__Task instructions__. Would you write out every record that follows exactly, with the pictures left out?
▶
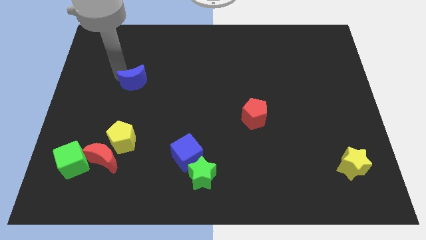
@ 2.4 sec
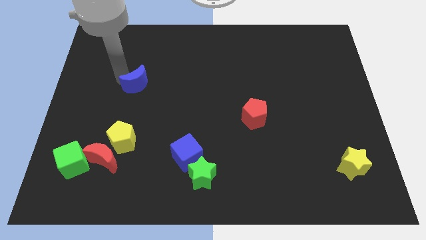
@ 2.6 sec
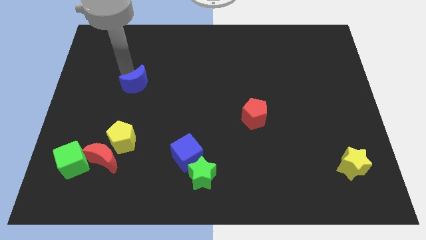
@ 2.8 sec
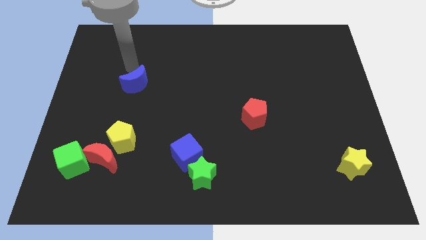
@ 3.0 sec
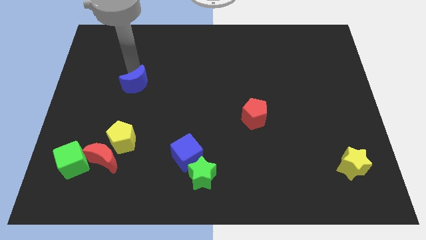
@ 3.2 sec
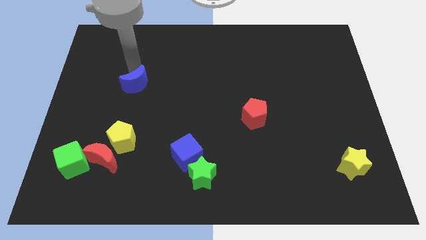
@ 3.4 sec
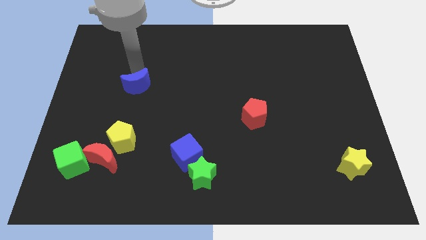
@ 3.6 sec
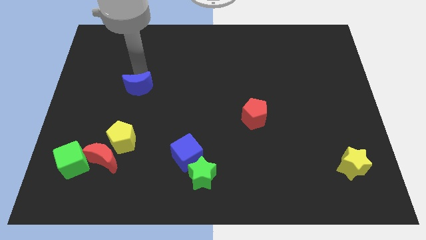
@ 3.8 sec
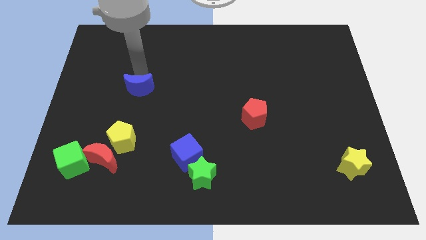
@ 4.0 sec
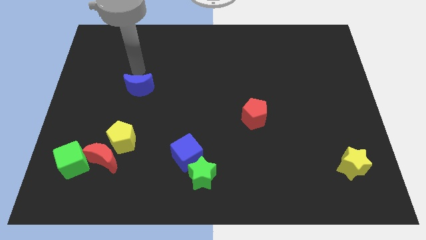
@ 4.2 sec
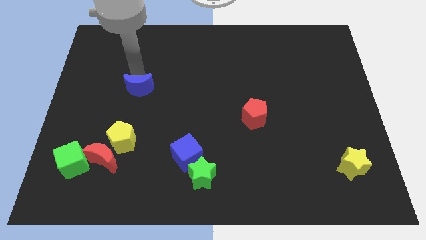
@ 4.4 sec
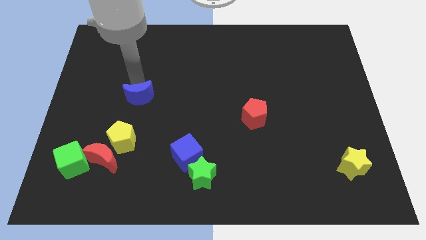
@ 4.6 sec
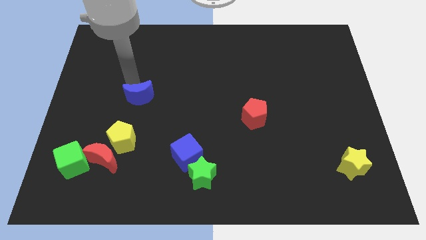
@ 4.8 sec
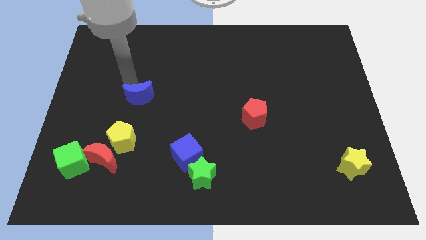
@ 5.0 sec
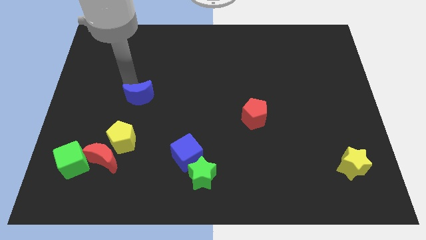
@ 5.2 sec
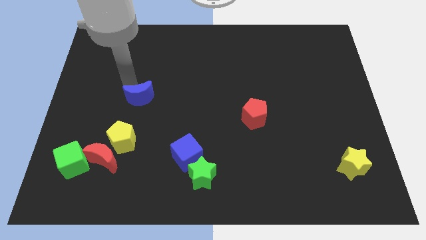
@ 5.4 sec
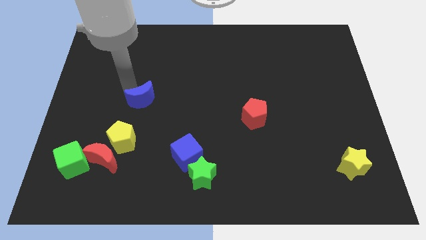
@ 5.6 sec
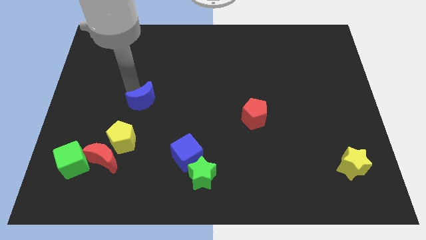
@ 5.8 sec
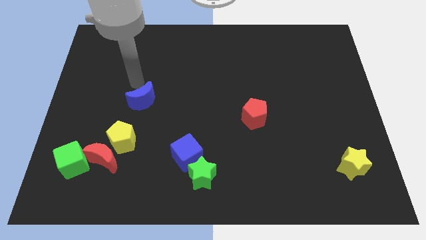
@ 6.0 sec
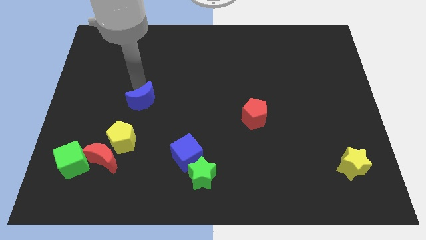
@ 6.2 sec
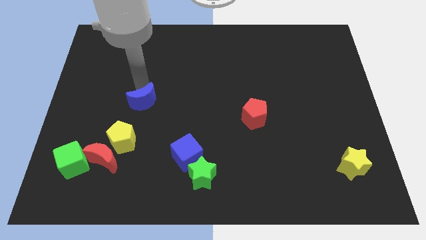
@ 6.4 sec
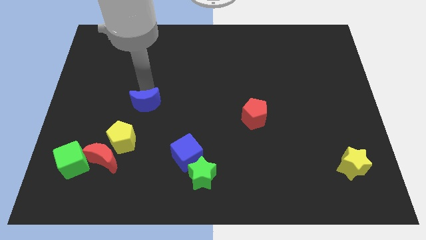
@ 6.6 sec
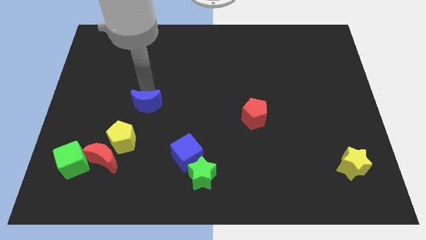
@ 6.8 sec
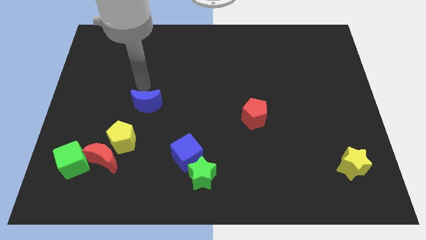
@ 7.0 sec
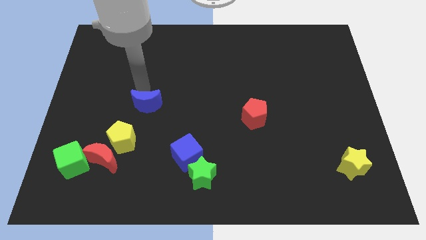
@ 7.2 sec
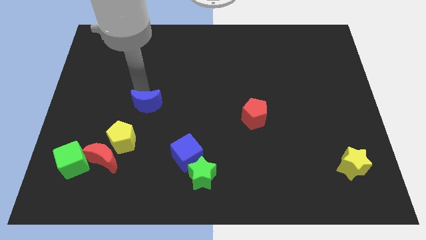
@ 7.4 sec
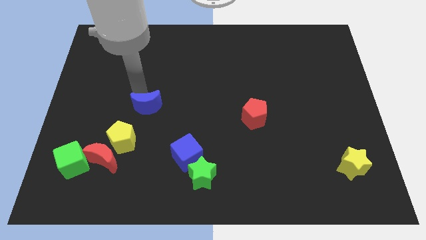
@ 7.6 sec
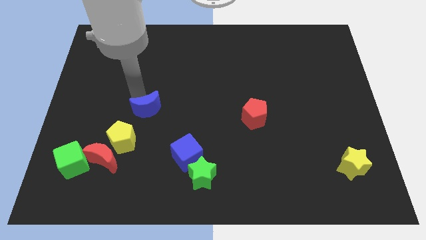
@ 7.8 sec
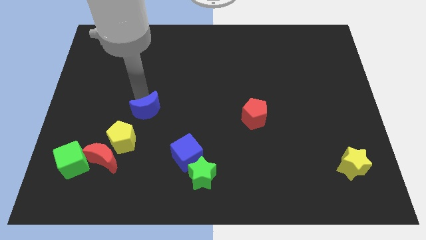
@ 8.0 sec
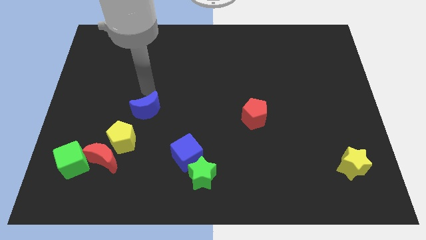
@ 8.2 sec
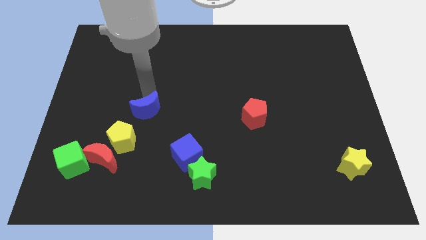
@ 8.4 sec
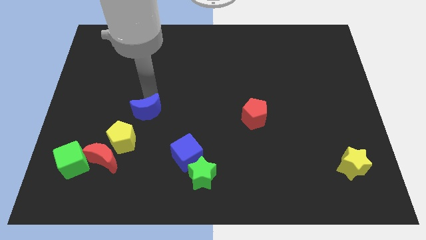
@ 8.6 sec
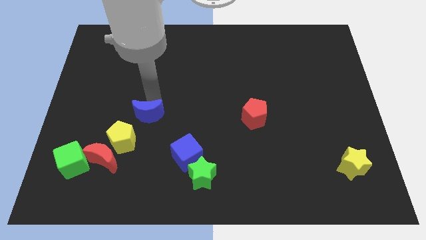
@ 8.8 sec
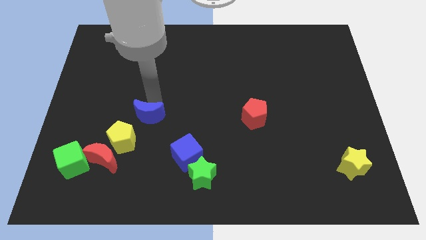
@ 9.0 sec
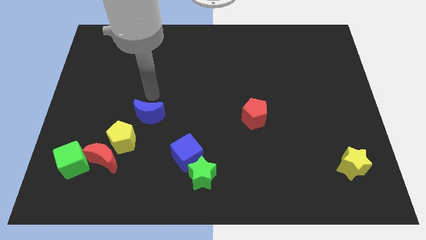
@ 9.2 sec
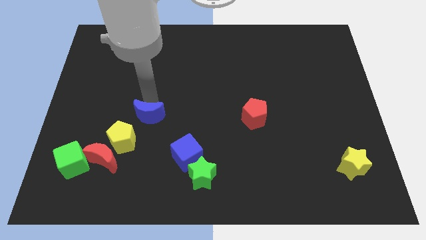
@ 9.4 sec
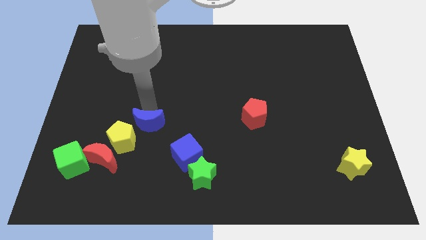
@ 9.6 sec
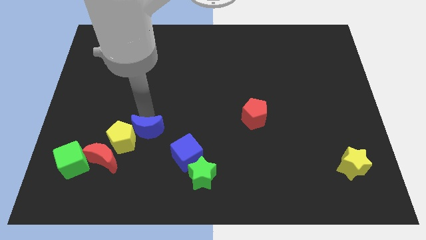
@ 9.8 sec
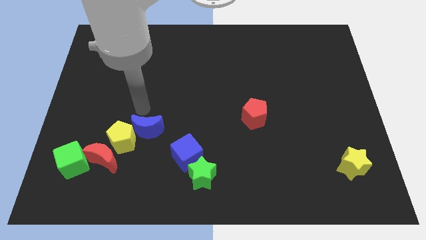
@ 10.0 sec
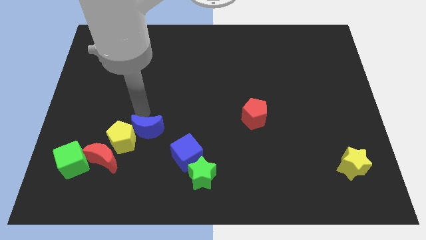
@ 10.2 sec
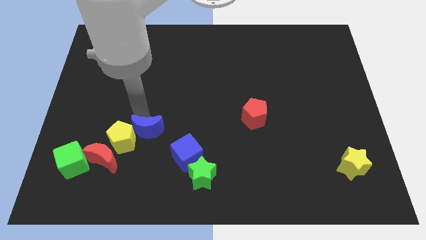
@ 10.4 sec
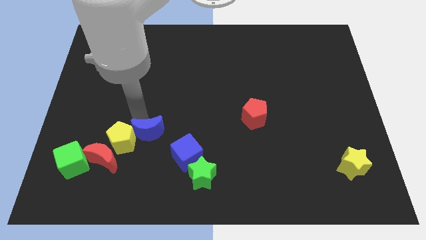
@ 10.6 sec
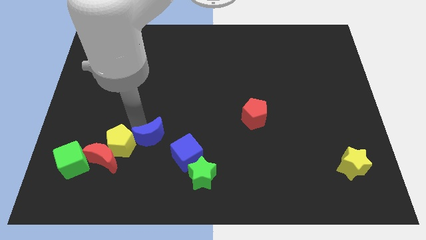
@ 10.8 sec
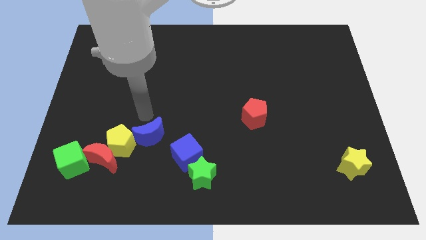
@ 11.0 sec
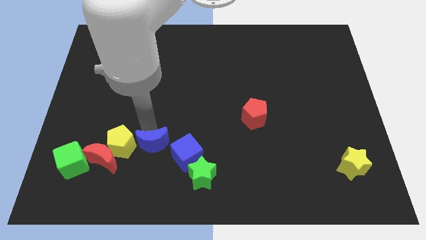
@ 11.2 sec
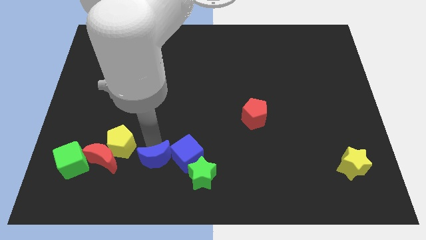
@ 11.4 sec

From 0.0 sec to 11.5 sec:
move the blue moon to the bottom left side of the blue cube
◀
__Solved problem__.
@ 2.4 sec
@ 2.6 sec
@ 2.8 sec
@ 3.0 sec
@ 3.2 sec
@ 3.4 sec
@ 3.6 sec
@ 3.8 sec
@ 4.0 sec
@ 4.2 sec
@ 4.4 sec
@ 4.6 sec
@ 4.8 sec
@ 5.0 sec
@ 5.2 sec
@ 5.4 sec
@ 5.6 sec
@ 5.8 sec
@ 6.0 sec
@ 6.2 sec
@ 6.4 sec
@ 6.6 sec
@ 6.8 sec
@ 7.0 sec
@ 7.2 sec
@ 7.4 sec
@ 7.6 sec
@ 7.8 sec
@ 8.0 sec
@ 8.2 sec
@ 8.4 sec
@ 8.6 sec
@ 8.8 sec
@ 9.0 sec
@ 9.2 sec
@ 9.4 sec
@ 9.6 sec
@ 9.8 sec
@ 10.0 sec
@ 10.2 sec
@ 10.4 sec
@ 10.6 sec
@ 10.8 sec
@ 11.0 sec
@ 11.2 sec
@ 11.4 sec

From 0.0 sec to 11.5 sec:
move the blue moon to the bottom left side of the blue cube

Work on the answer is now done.